# Magic 2/2/11



## bvibert (Feb 2, 2011)

Great day at Magic today!  Not quite the endless powder we were hoping for, but very enjoyable none the less. Not the day to be stopping to take pictures or video, but I think Steve got some. I'll post more when I get home...


----------



## reefer (Feb 2, 2011)

Always enjoyable at Magic! Glad you guys had a good time! Wat-da-ya-mean no pictures?


----------



## bvibert (Feb 2, 2011)

I have 2 non action shots from the chair on Facebook. I'll post em here later. I hope I got some footage with the GoPro, but I'm not too optimistic...


----------



## gladerider (Feb 2, 2011)

when i was there 2 years ago, the liftline was open. was it open today? is it normally open? it was fun.


----------



## basso4735 (Feb 2, 2011)

Too bad the only chairlift broke at 3pm and everyone on it had to be evac'd. 

Still an awesome day there.


----------



## powhunter (Feb 2, 2011)

Awesome day!! Thanks brian for taking me on tour!!  Hit a bunch of glades...Some really gnarly steep shit with some nice drops !  Last time I was there it was the mid 70s...Great pow day!!    We did dodge a bullet with the chair incident . We were right in line..Got some pics and vid I will post later tonght

steveo


----------



## powbmps (Feb 2, 2011)

That sucks about the chair.  Hopefully they can get that fixed quick.

Let's see some pictures!!!!


----------



## roark (Feb 2, 2011)

good to see bvibert and powhunter if only briefly... was occupied trying to stay up with MMP's 13 yr old! 
Excellent day, untracked was available every run if you just went a little further than the last guy. 
First ever lift evac for me, was wondering if 2knees was there... not too bad, we were one of the last chairs, prob just over an hour and they had everyone down safely. Quick response and professionally handled. Hope the chair is up and running shortly - there's just too much good snow right now!

sorry I missed you wjenness, next time! and makimono - saw you from the chair but never got a chance to say hi.


----------



## Madroch (Feb 2, 2011)

Wrecked bad early on... banged the head/whiplash--resulting in headache and stiff neck-- went out to get some aspirin... did'nt help much... took a couple more runs later but very dissappointed.


----------



## WJenness (Feb 2, 2011)

Had a great day up there for my first magic day.

Would have liked to get a few more runs in, but had to spend an hour and a half or so in the lodge doing work... But hey, if it wasn't for that, I wouldn't have been there at all!

I was looking for you all day Roark, but didn't see you...

Saw BVibert and powhunter in the lodge when they first got there (when my work break was beginning)... Ran back into them when we were headed back to the chair for 'one more run'... Glad I didn't make it on the lift before it broke down.

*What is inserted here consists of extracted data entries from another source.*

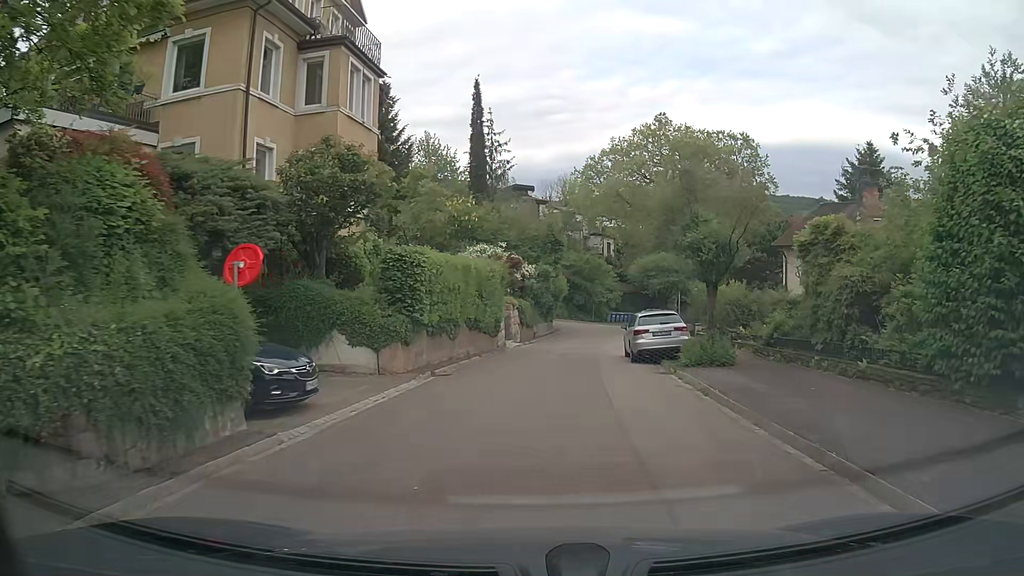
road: residential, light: Day
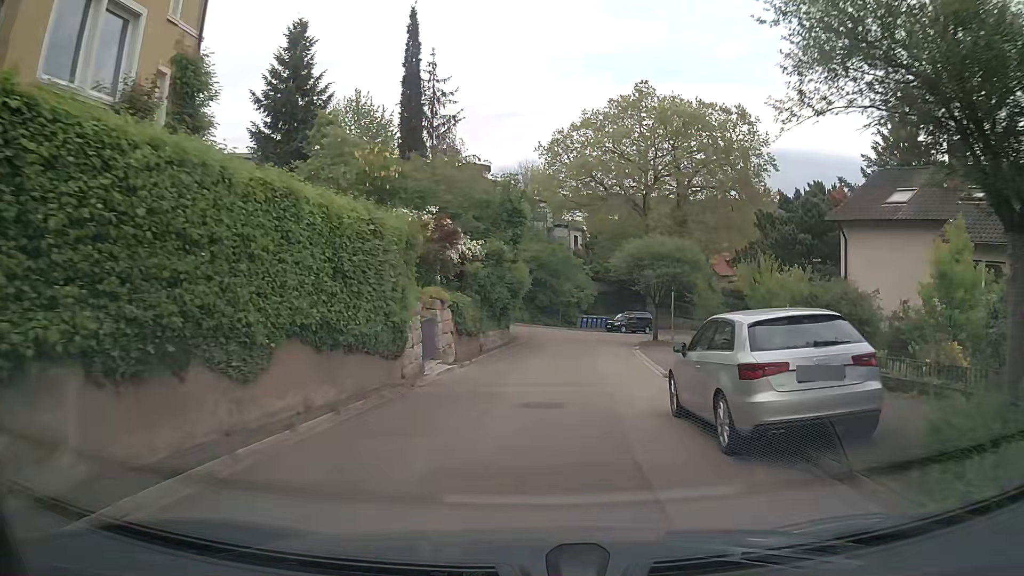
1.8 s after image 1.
(+0.4, +12.8) m; +3°
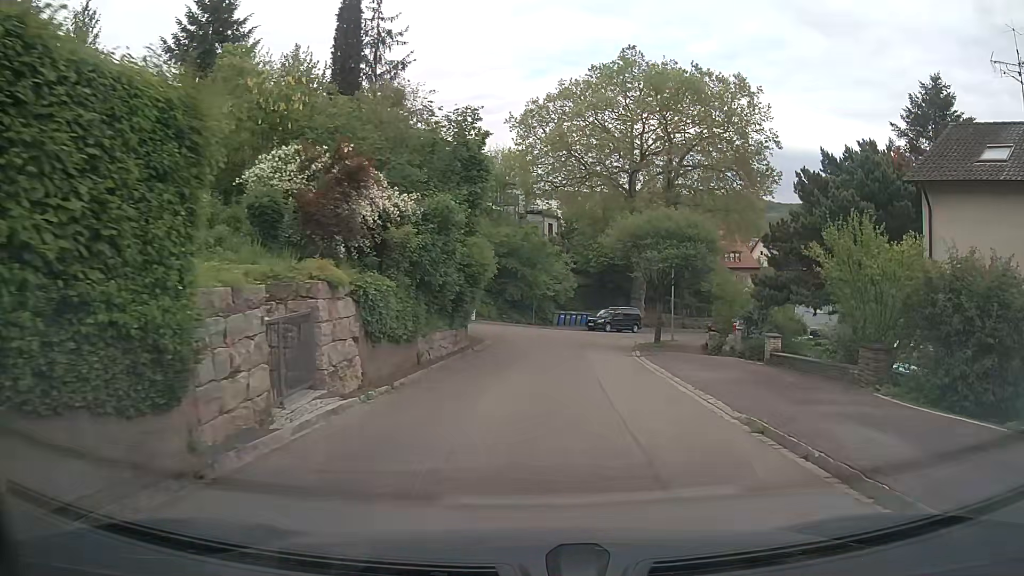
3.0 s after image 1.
(+0.1, +8.4) m; +3°
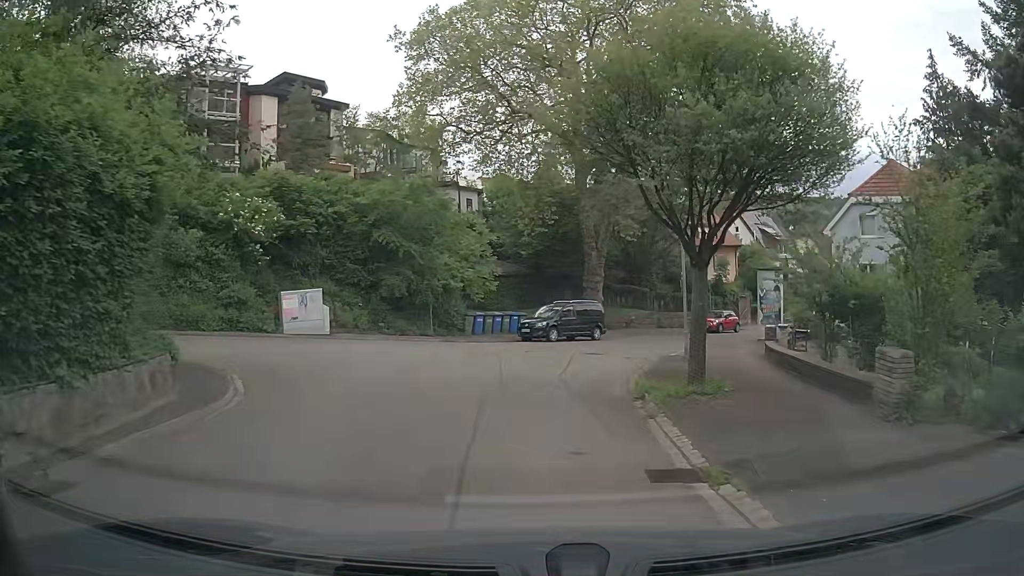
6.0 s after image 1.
(+1.7, +18.4) m; +5°
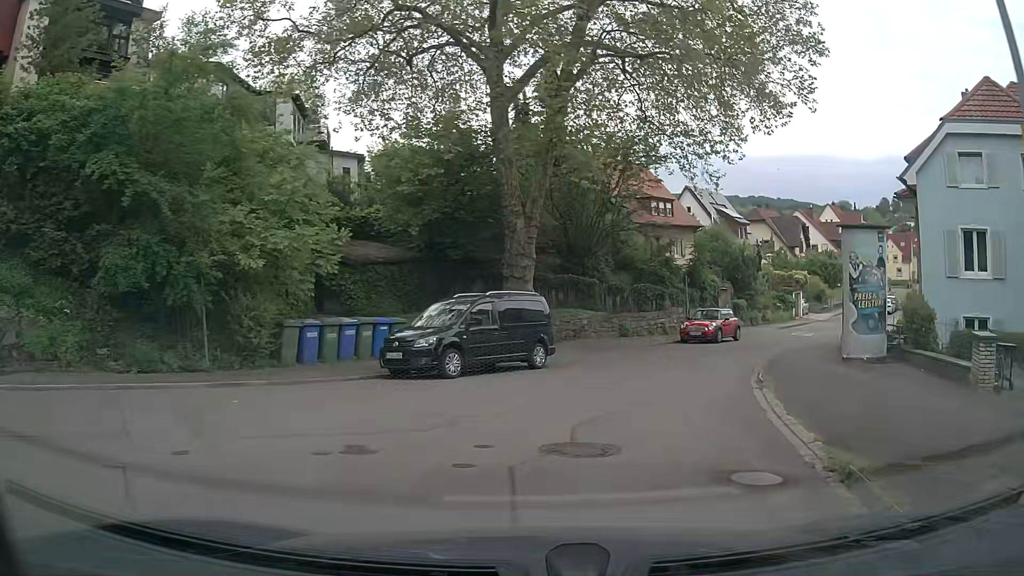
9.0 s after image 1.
(+0.4, +15.5) m; +10°
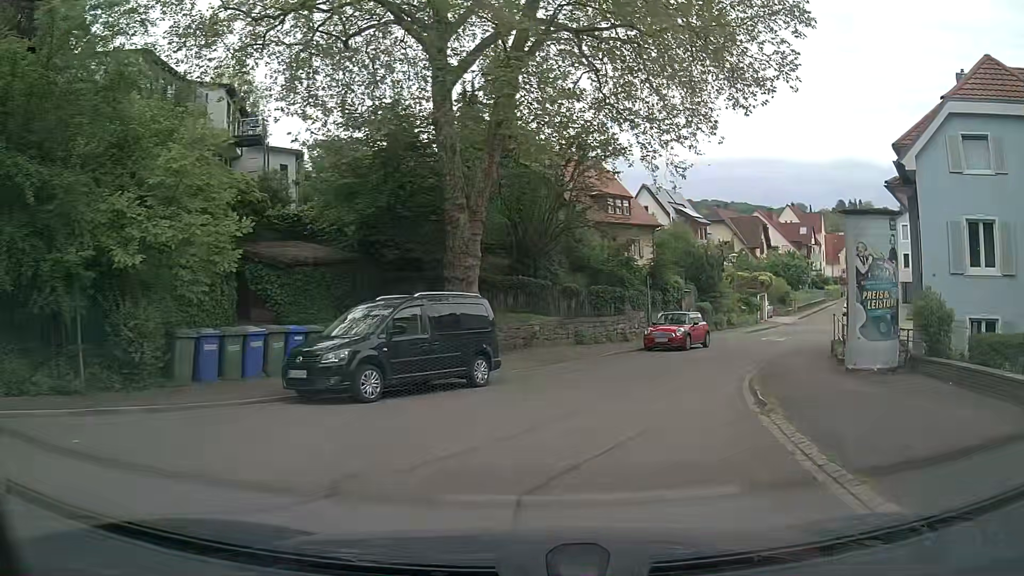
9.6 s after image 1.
(0.0, +3.0) m; +2°
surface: asphalt
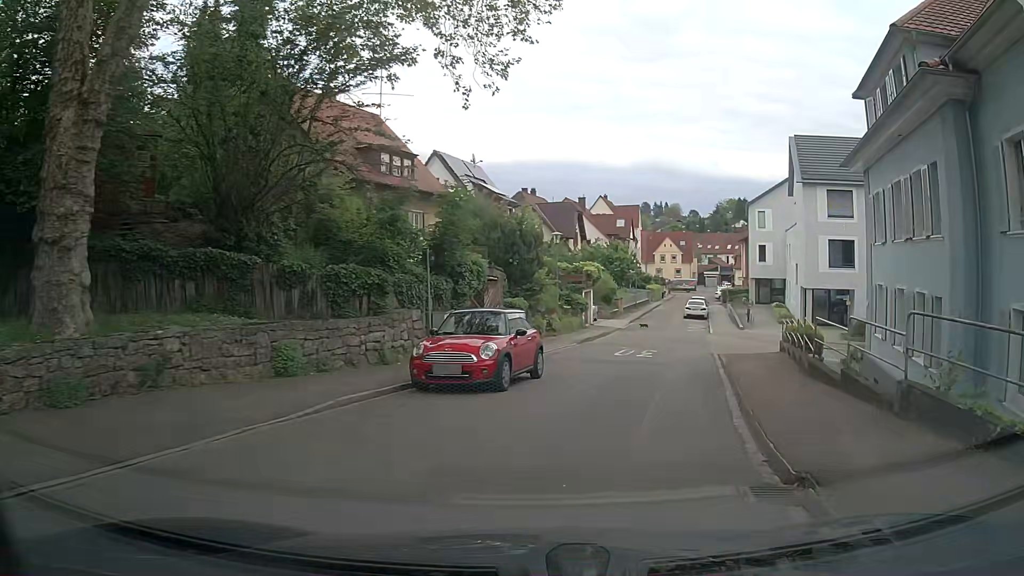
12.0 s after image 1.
(+2.0, +13.1) m; +17°
(+1, +10) (+4, +20) (+6, +29) (+8, +39) (+10, +49) (+11, +59) (+15, +68) (+19, +77) (+21, +87) (+24, +97) m

A lot of fun though, I'll be back. 

-w


----------



## powhunter (Feb 2, 2011)

A few pics from today























Glad ya got off the lift quick Roark !!  Was wondering about madroch as well

steveo


----------



## skidmarks (Feb 2, 2011)

*Bad News/Good News scenario*

Looks Nice!! I've got to get to Magic this year.



Bad news is I have to work tomorrow.
Good news is work involves testing skis.
We'll see how things are at Sunapee and how well the 11/12 Elan's ski.


----------



## Madroch (Feb 2, 2011)

Was not on the lift when it went down... was picking up stuff to leave when it did...tough day, kinda bummed I did'nt ski more...could not get rid of the neck/head isues.


----------



## powhunter (Feb 2, 2011)

Madroch said:


> Was not on the lift when it went down... was picking up stuff to leave when it did...tough day, kinda bummed I did'nt ski more...could not get rid of the neck/head isues.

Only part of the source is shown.